You need to be able to parse partial files.
You don't worry about the properties of elements, just their contents.
I'm using xml.sax
as this deals with arbitrarily large files and doesn't need to read the whole file into memory. Note that the strategy I'm following now doesn't actually scale that well as I'm storing all the elements in memory to build the dataframe, but you could just as well output the paths and contents.

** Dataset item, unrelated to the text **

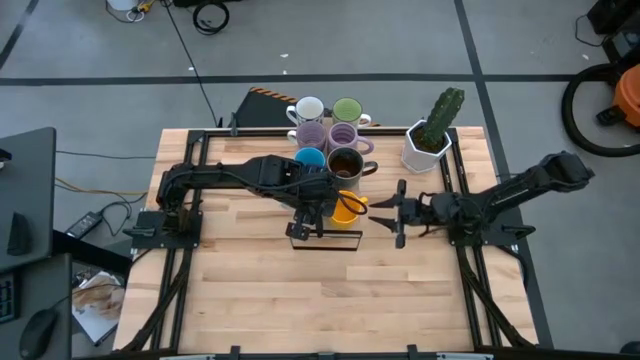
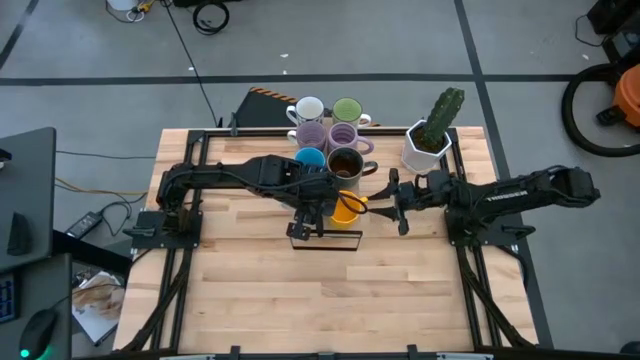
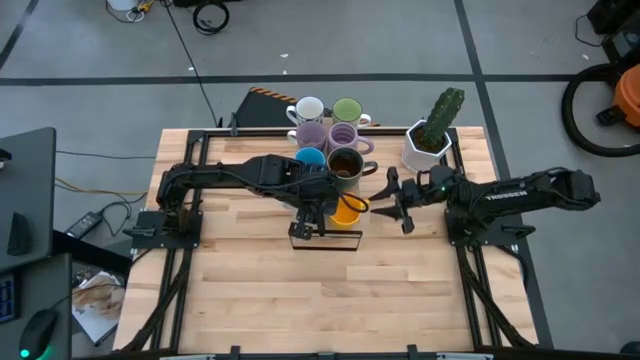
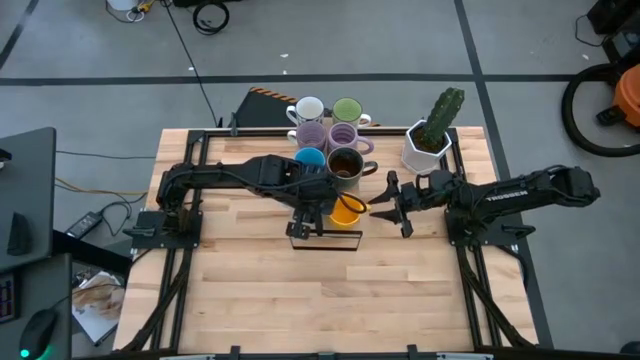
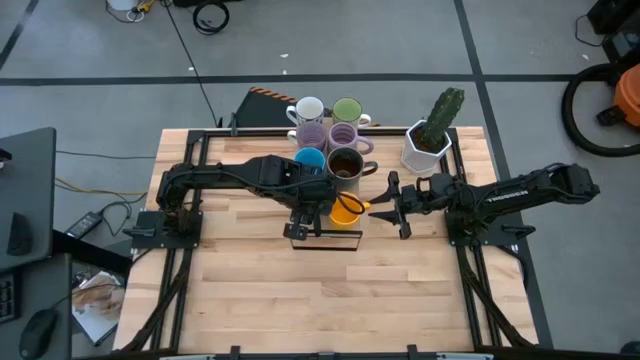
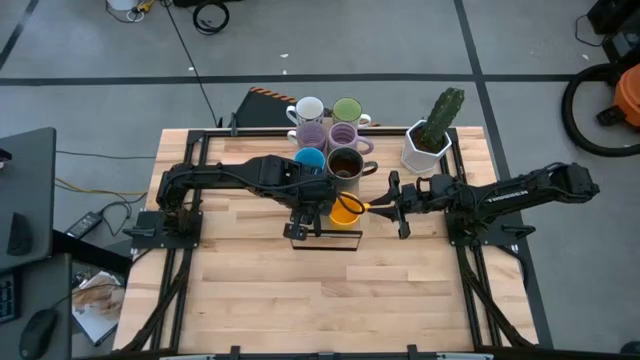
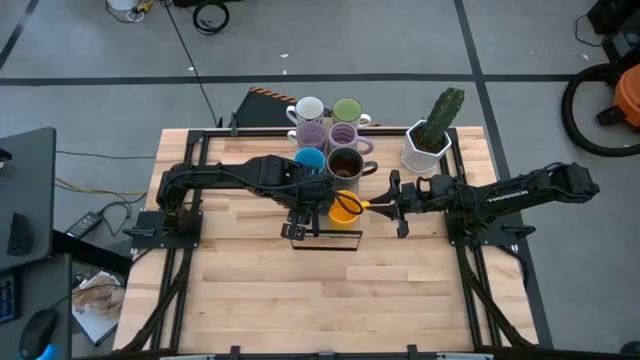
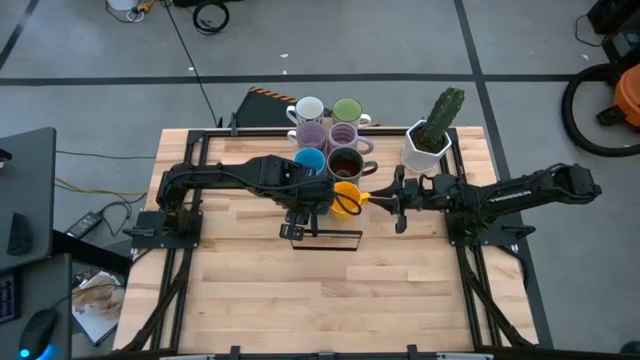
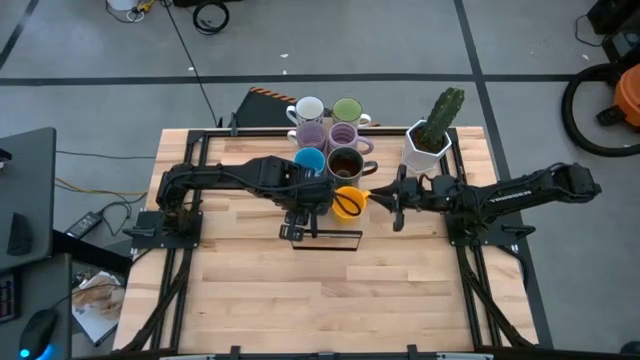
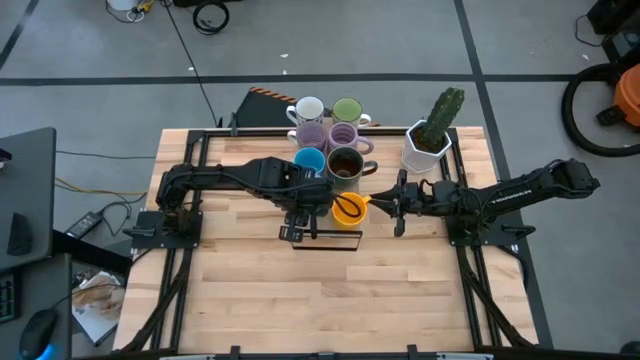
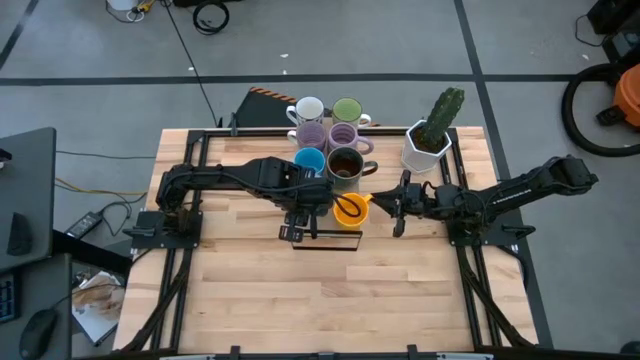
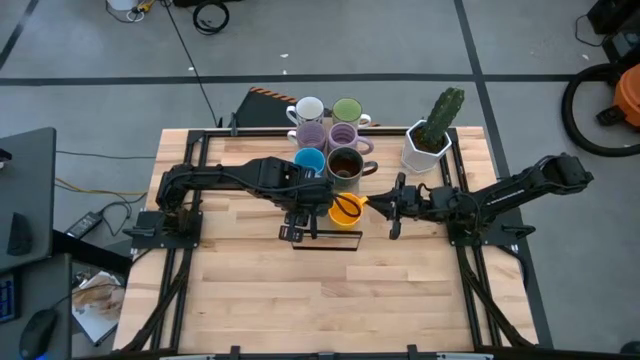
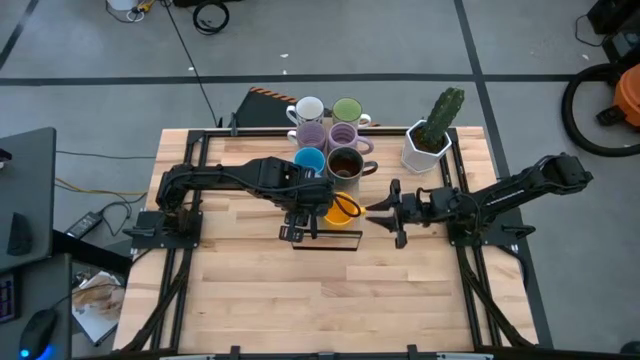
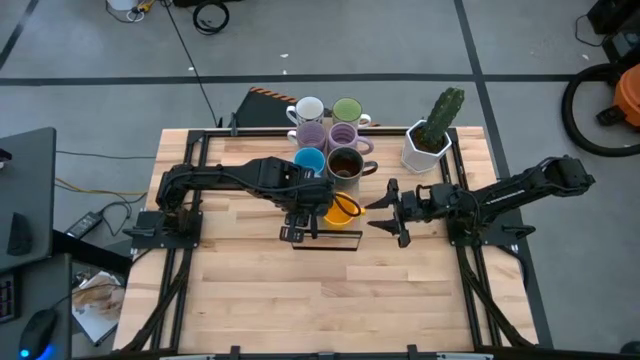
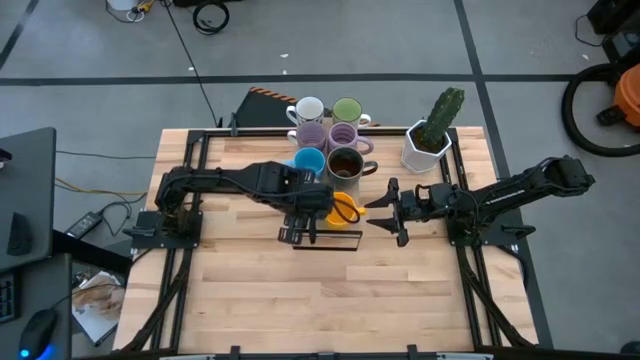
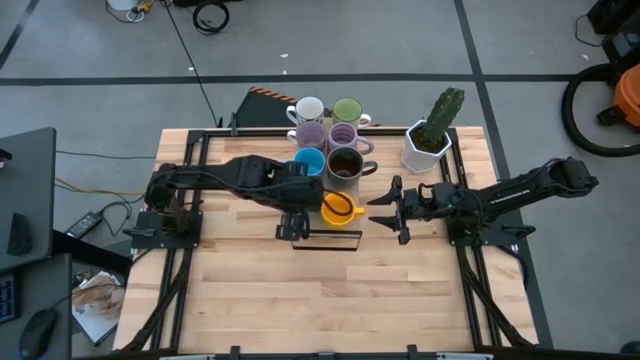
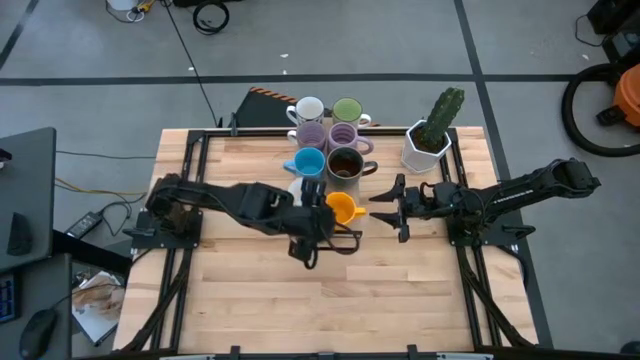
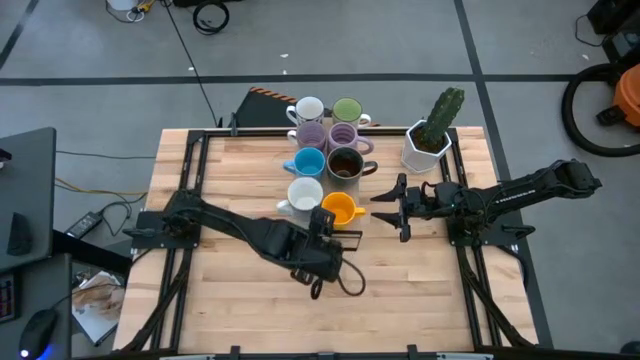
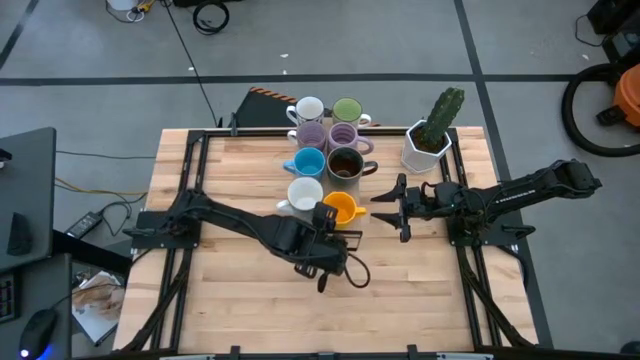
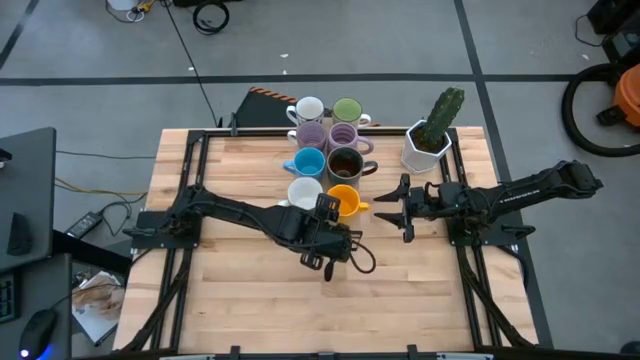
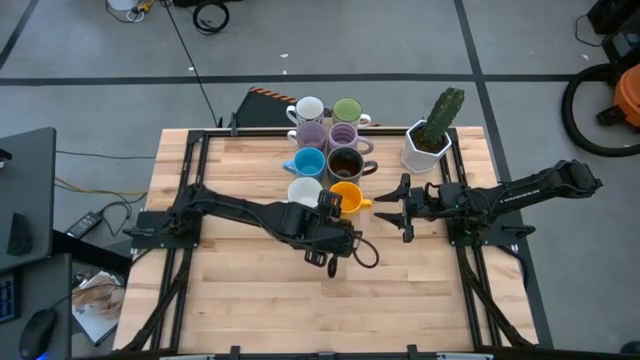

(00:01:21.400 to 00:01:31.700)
Adjust the yellow mug on the shelf

In the sample file there is a problem with having one row per Item
since there are multiples of the Genre
tag and there are also multiple Product
tags. I've handled the repeated Genre
tags by appending them. This relies on the Genre tags appearing consecutively. It is not at all clear how the Product
relationships can be handled in a single table.
import xml.sax
from collections import defaultdict
class StructureParser(xml.sax.handler.ContentHandler):
def __init__(self):
self.text = ''
self.path = []
self.datalist = defaultdict(list)
self.previouspath = ''
def startElement(self, name, attrs):
self.path.append(name)
def endElement(self, name):
strippedtext = self.text.strip()
path = '/'.join(self.path)
if strippedtext != '':
if path == self.previouspath:
# This handles the "Genre" tags in the sample file
self.datalist[path][-1] += f',{strippedtext}'
else:
self.datalist[path].append(strippedtext)
self.path.pop()
self.text = ''
self.previouspath = path
def characters(self, content):
self.text += content
You'd use this like this:
parser = StructureParser()
try:
xml.sax.parse('uyalicihow.xml', parser)
except xml.sax.SAXParseException:
print('File probably ended too soon')
This will read the example file just fine.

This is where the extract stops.